──────── The data
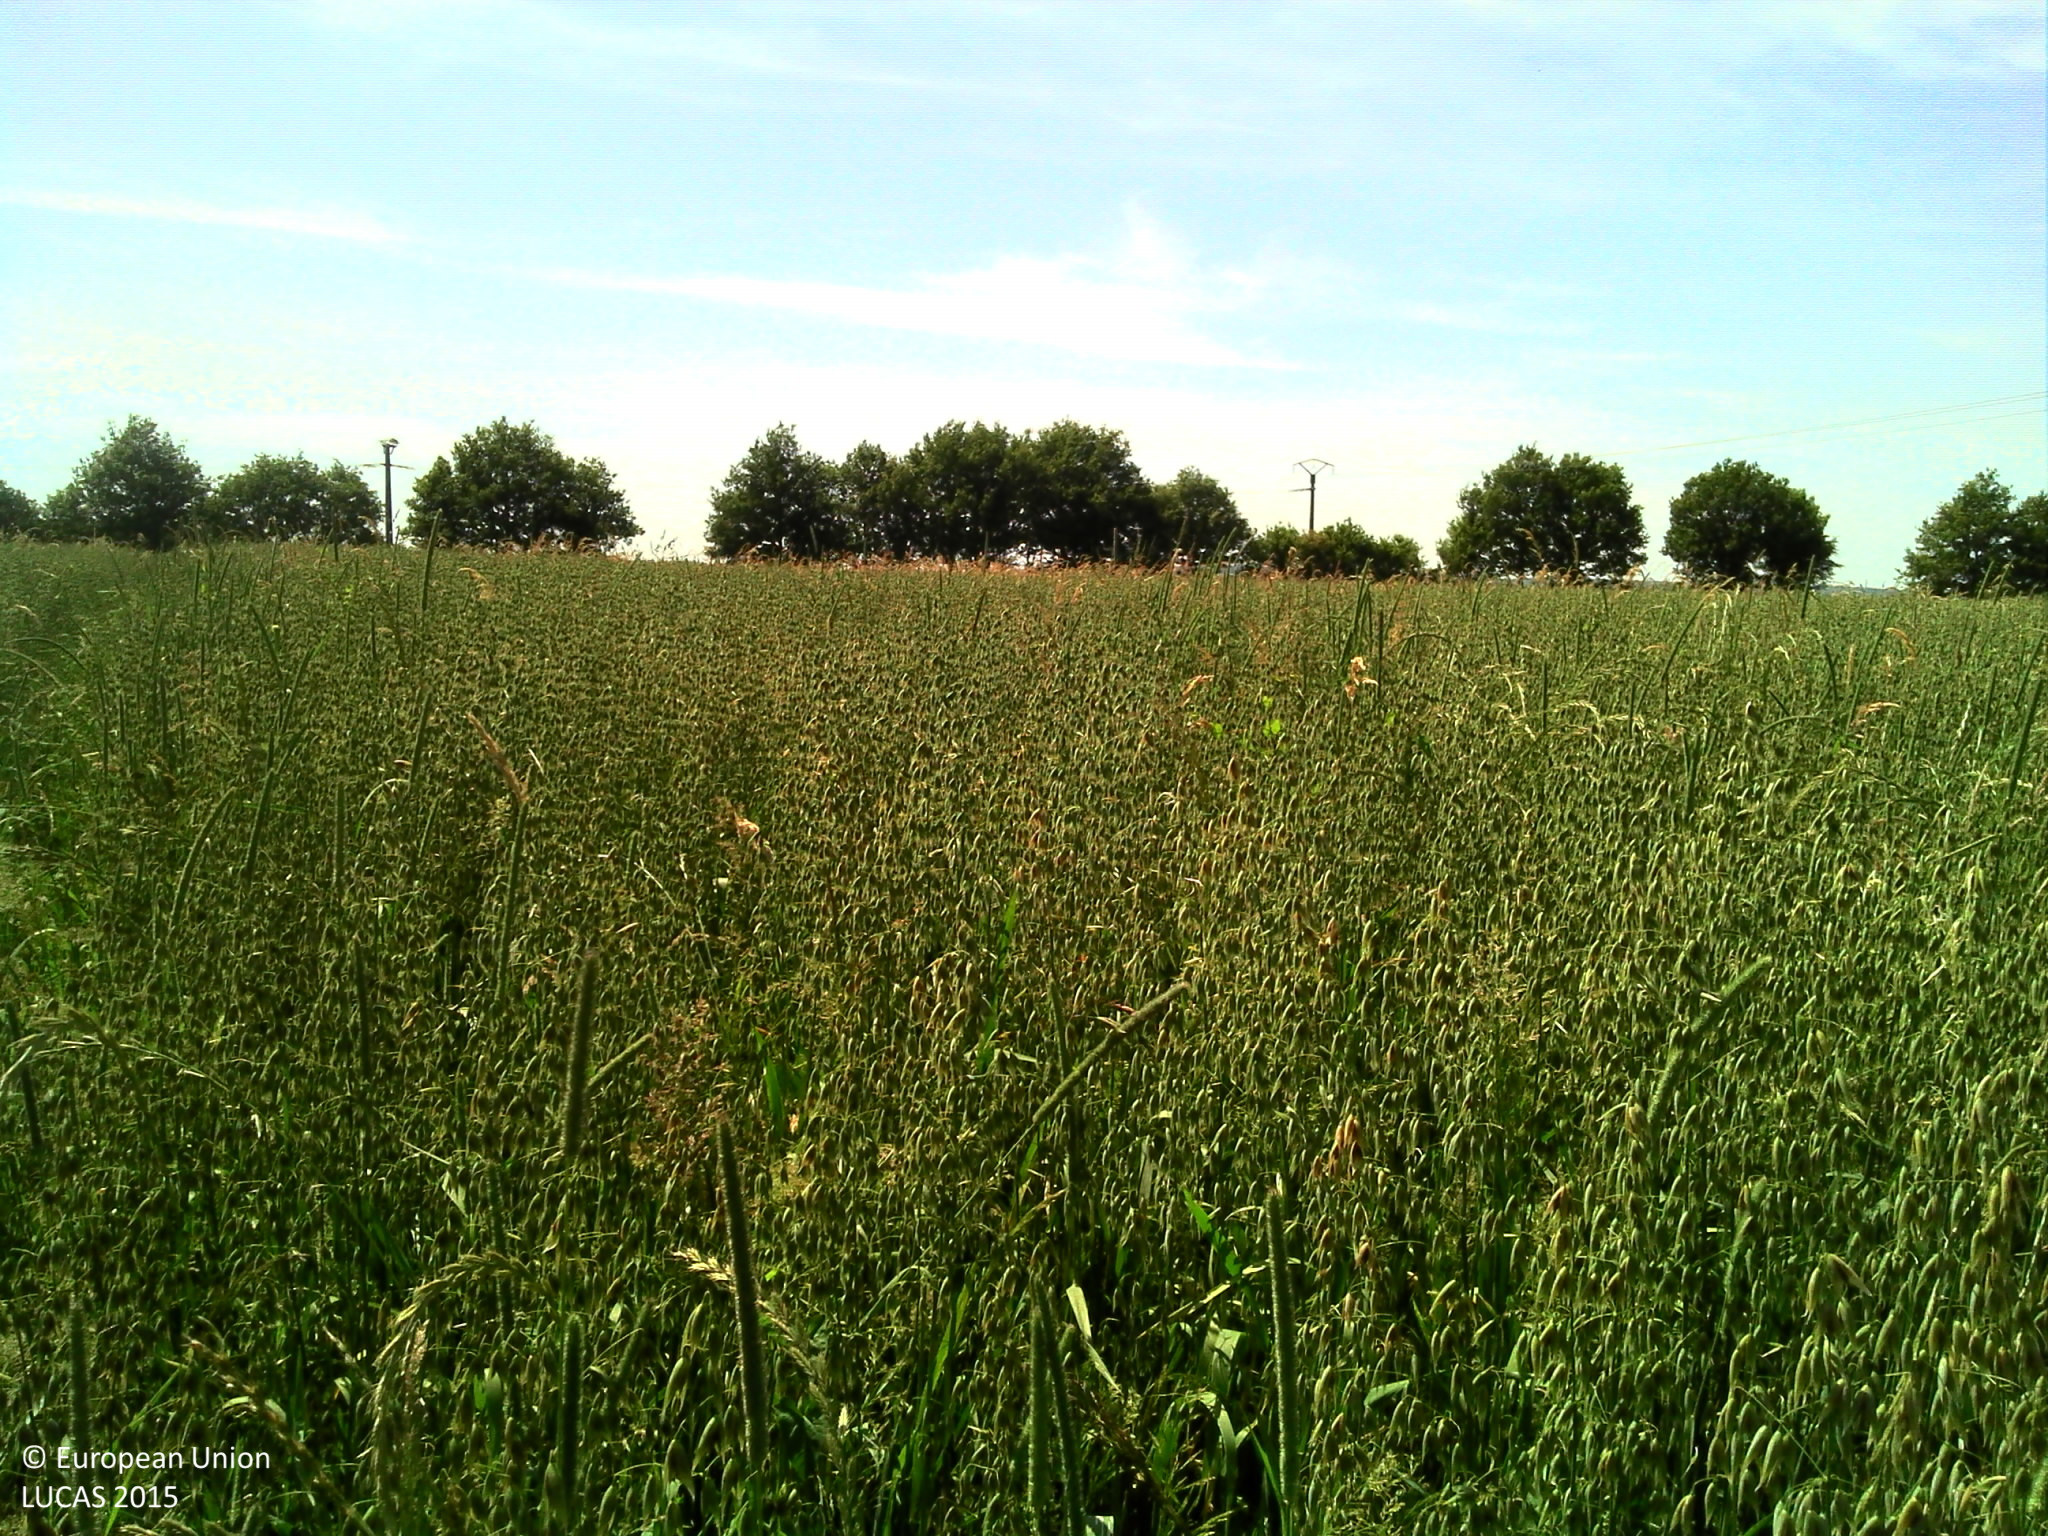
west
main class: Cropland
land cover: Oats
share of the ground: > 75 %
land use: Agriculture (excluding fallow land and kitchen gardens)
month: June
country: FR
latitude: 47.9908
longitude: -2.1002
────────────────
_Instructions to follow:_
Exactly reproduce the lines from the one containing "share of the ground: > 75 %" through the end of the records, and only those lines.

_Answer:_
share of the ground: > 75 %
land use: Agriculture (excluding fallow land and kitchen gardens)
month: June
country: FR
latitude: 47.9908
longitude: -2.1002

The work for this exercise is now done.